Directions.
Omit every picture, then return the listing verbatim.

Available records START

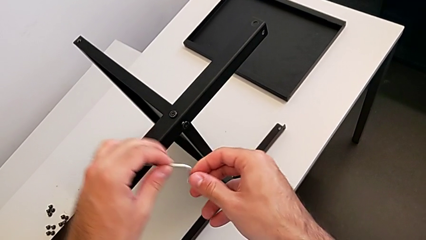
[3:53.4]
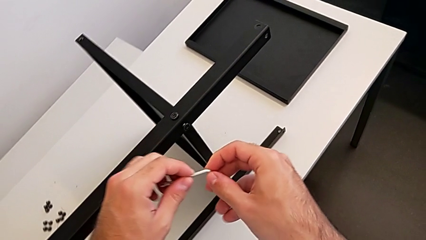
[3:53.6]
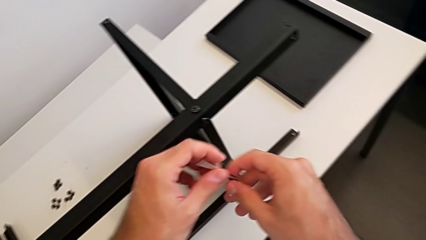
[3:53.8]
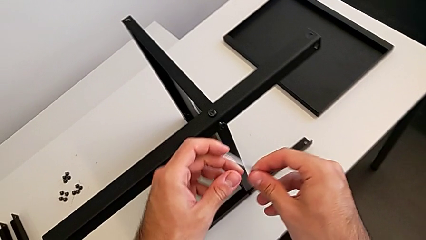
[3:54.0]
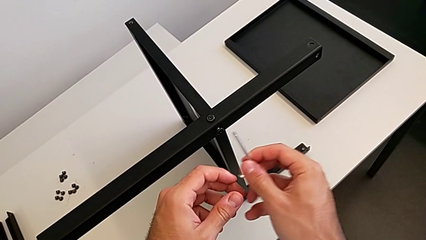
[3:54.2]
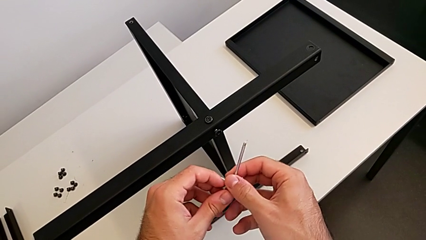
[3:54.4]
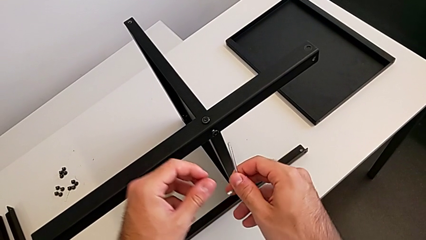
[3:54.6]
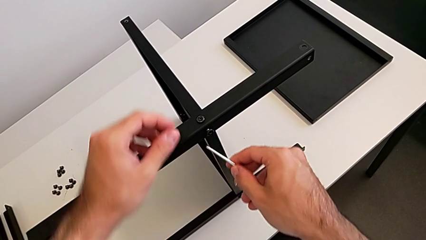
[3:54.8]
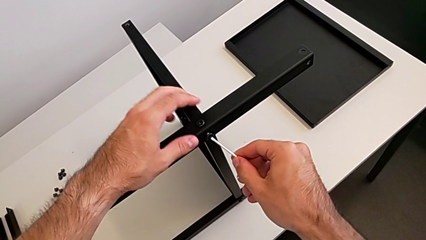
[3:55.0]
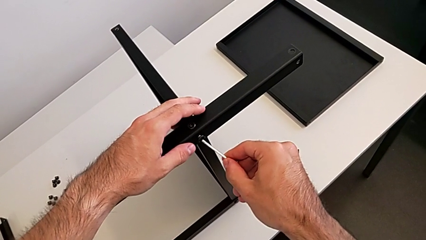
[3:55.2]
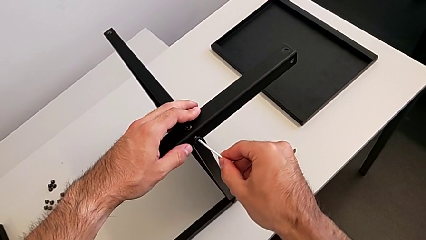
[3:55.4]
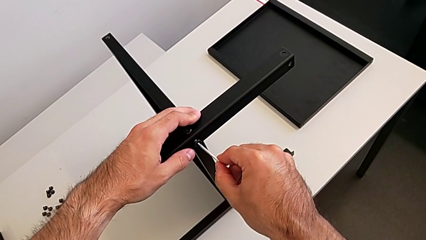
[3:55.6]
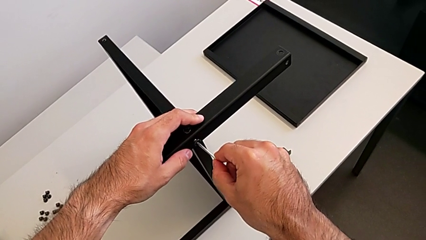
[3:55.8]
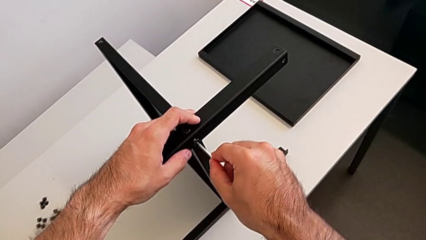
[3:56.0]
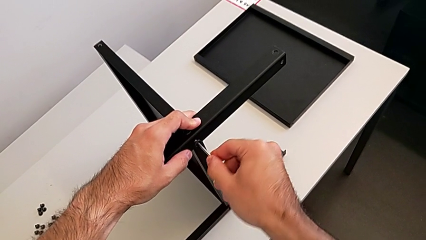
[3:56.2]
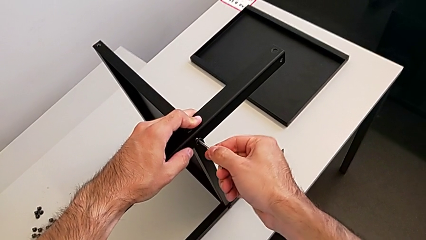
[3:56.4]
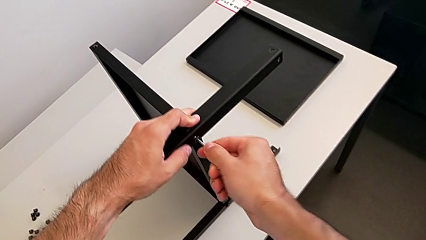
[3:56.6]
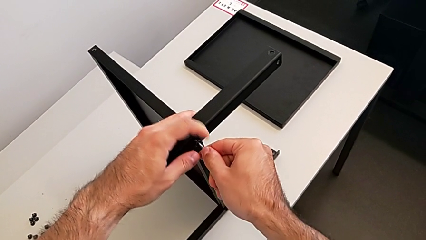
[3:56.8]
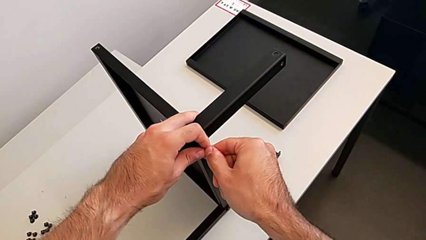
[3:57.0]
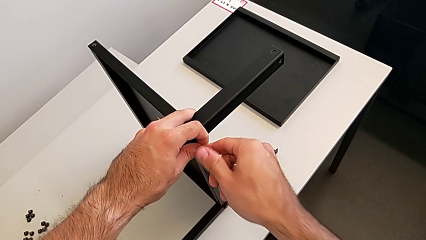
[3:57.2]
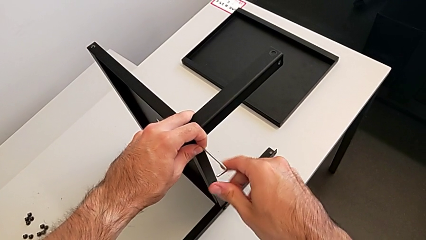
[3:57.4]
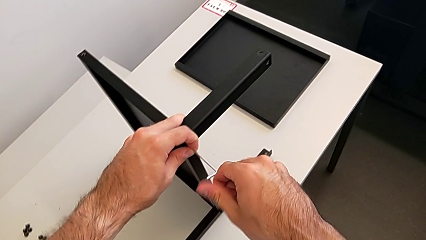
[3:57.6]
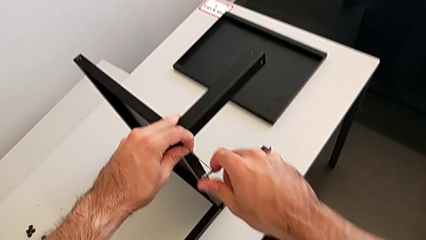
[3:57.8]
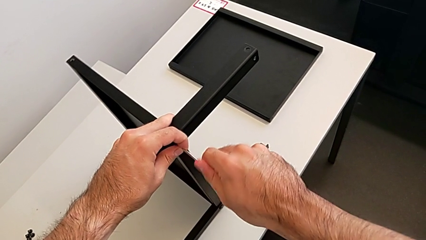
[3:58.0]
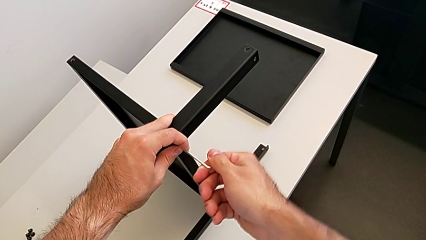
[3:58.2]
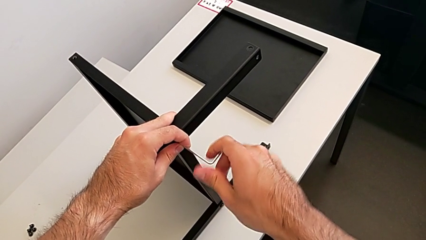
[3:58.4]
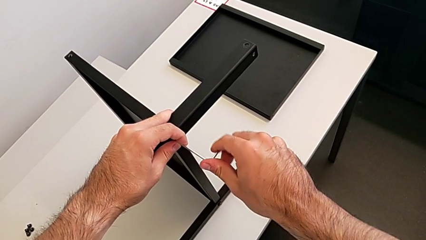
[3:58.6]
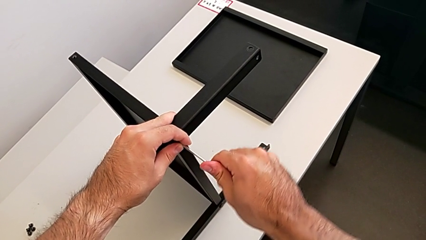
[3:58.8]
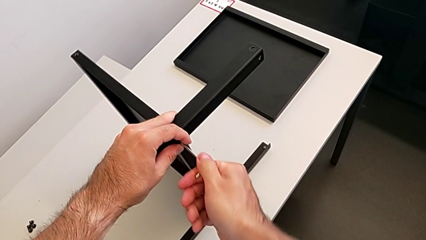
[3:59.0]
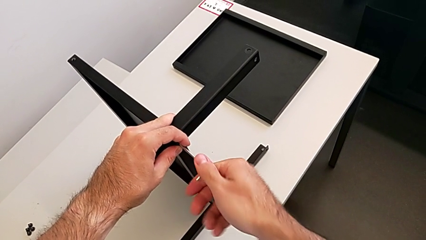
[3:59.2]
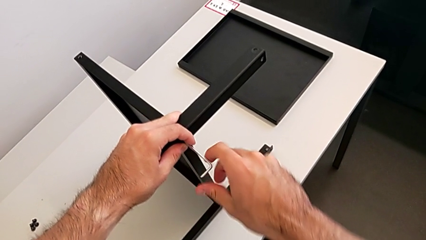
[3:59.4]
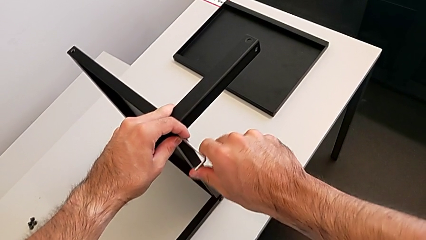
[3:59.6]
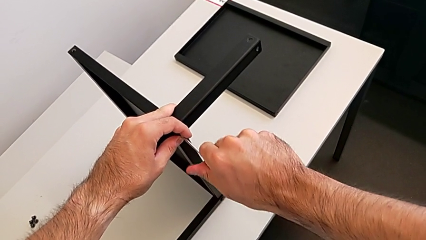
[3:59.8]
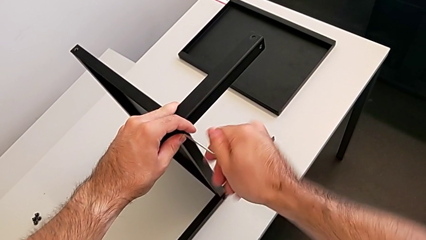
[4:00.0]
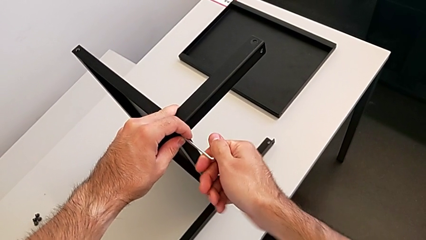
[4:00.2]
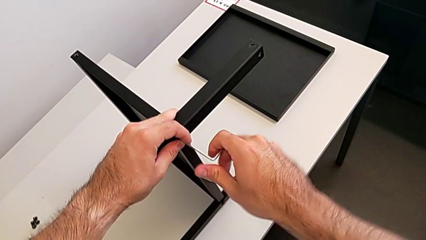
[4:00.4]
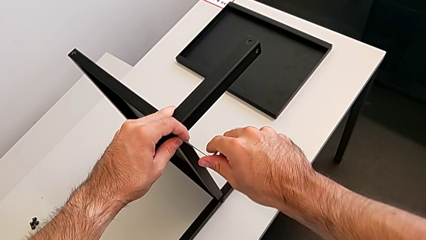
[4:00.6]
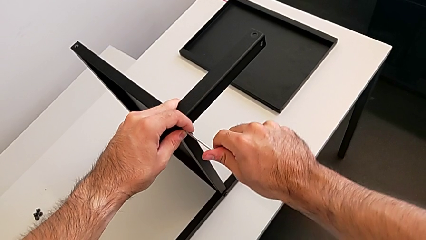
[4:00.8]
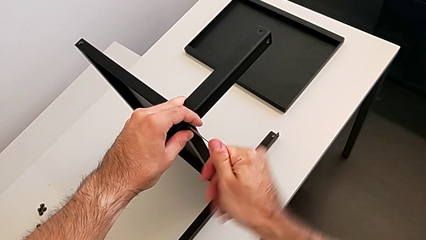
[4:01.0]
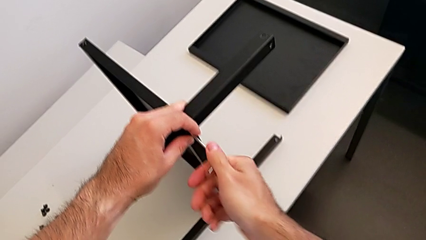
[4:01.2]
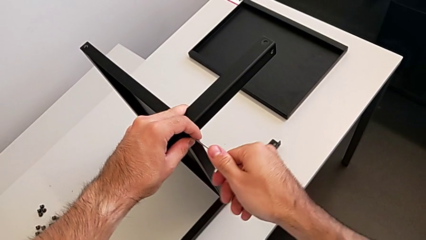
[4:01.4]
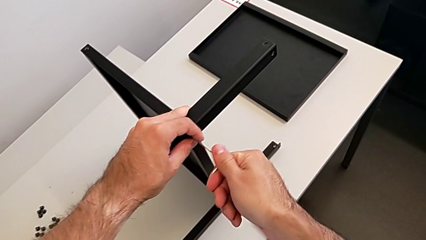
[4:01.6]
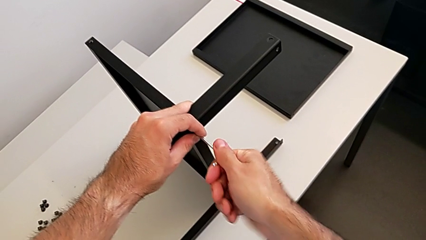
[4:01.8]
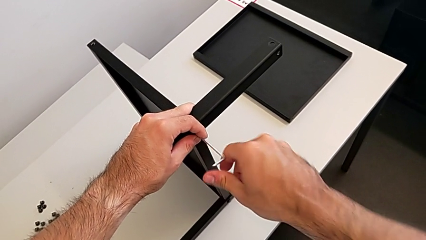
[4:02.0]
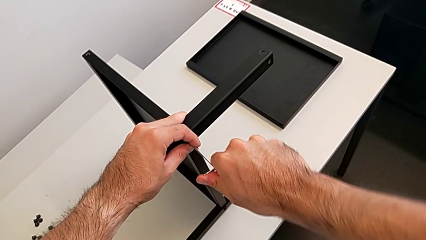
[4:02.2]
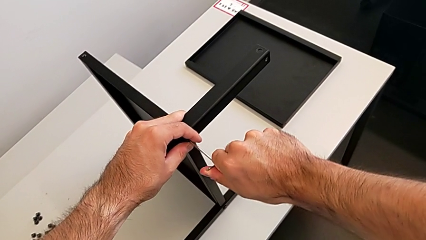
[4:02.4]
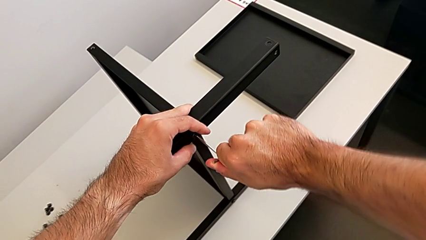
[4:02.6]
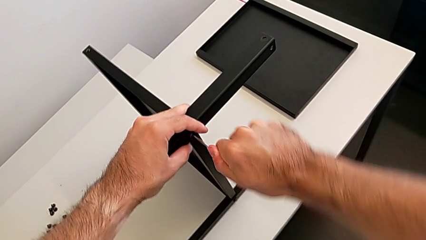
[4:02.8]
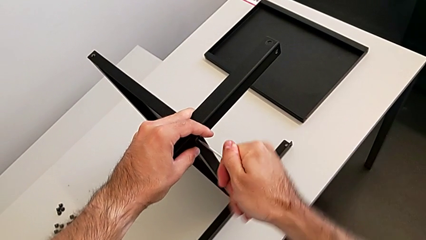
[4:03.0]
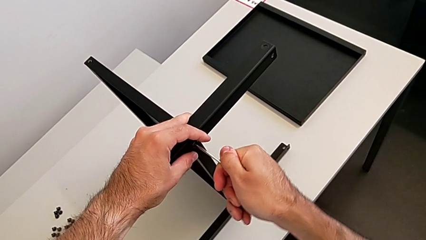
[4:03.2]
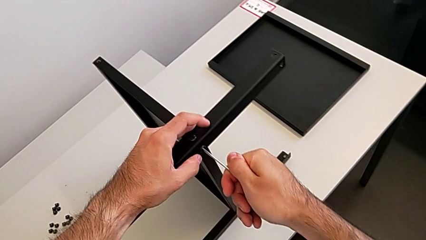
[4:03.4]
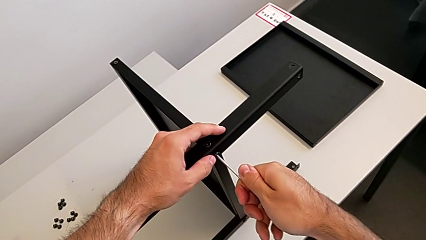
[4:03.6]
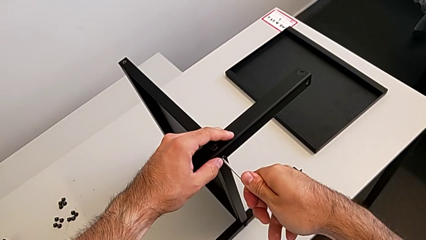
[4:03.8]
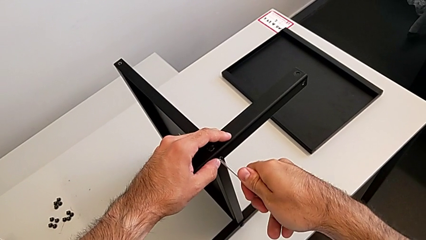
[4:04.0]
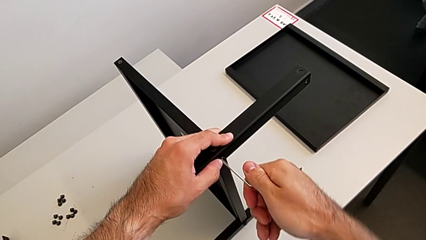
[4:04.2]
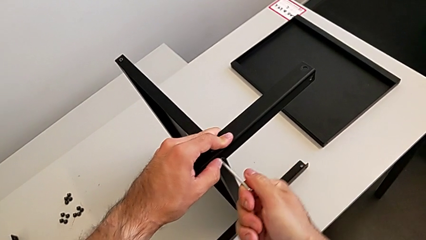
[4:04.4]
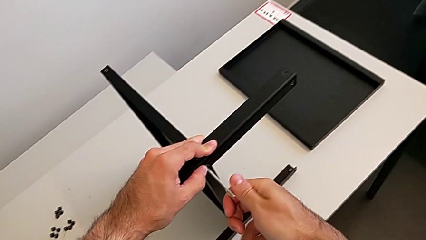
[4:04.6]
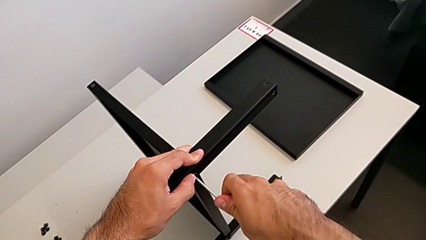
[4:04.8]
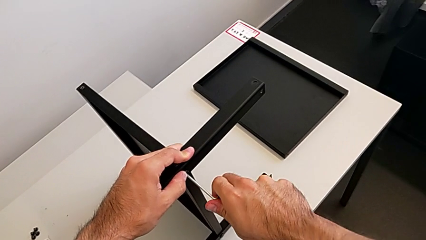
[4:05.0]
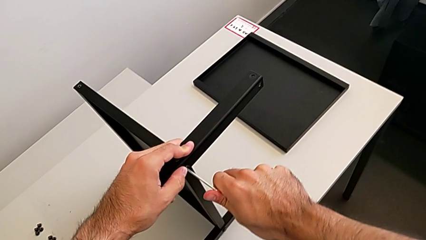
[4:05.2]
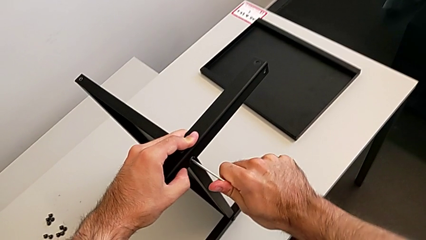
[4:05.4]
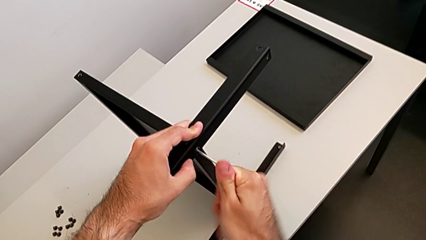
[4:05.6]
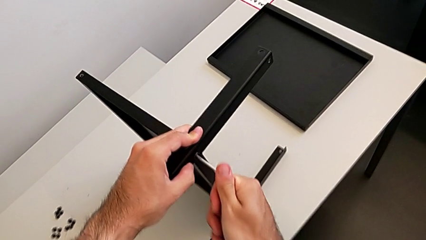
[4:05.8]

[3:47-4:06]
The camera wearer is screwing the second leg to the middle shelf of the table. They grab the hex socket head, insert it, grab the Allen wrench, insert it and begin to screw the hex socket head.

Available records END

Worked solution.
[3:53.4]
[3:53.6]
[3:53.8]
[3:54.0]
[3:54.2]
[3:54.4]
[3:54.6]
[3:54.8]
[3:55.0]
[3:55.2]
[3:55.4]
[3:55.6]
[3:55.8]
[3:56.0]
[3:56.2]
[3:56.4]
[3:56.6]
[3:56.8]
[3:57.0]
[3:57.2]
[3:57.4]
[3:57.6]
[3:57.8]
[3:58.0]
[3:58.2]
[3:58.4]
[3:58.6]
[3:58.8]
[3:59.0]
[3:59.2]
[3:59.4]
[3:59.6]
[3:59.8]
[4:00.0]
[4:00.2]
[4:00.4]
[4:00.6]
[4:00.8]
[4:01.0]
[4:01.2]
[4:01.4]
[4:01.6]
[4:01.8]
[4:02.0]
[4:02.2]
[4:02.4]
[4:02.6]
[4:02.8]
[4:03.0]
[4:03.2]
[4:03.4]
[4:03.6]
[4:03.8]
[4:04.0]
[4:04.2]
[4:04.4]
[4:04.6]
[4:04.8]
[4:05.0]
[4:05.2]
[4:05.4]
[4:05.6]
[4:05.8]

[3:47-4:06]
The camera wearer is screwing the second leg to the middle shelf of the table. They grab the hex socket head, insert it, grab the Allen wrench, insert it and begin to screw the hex socket head.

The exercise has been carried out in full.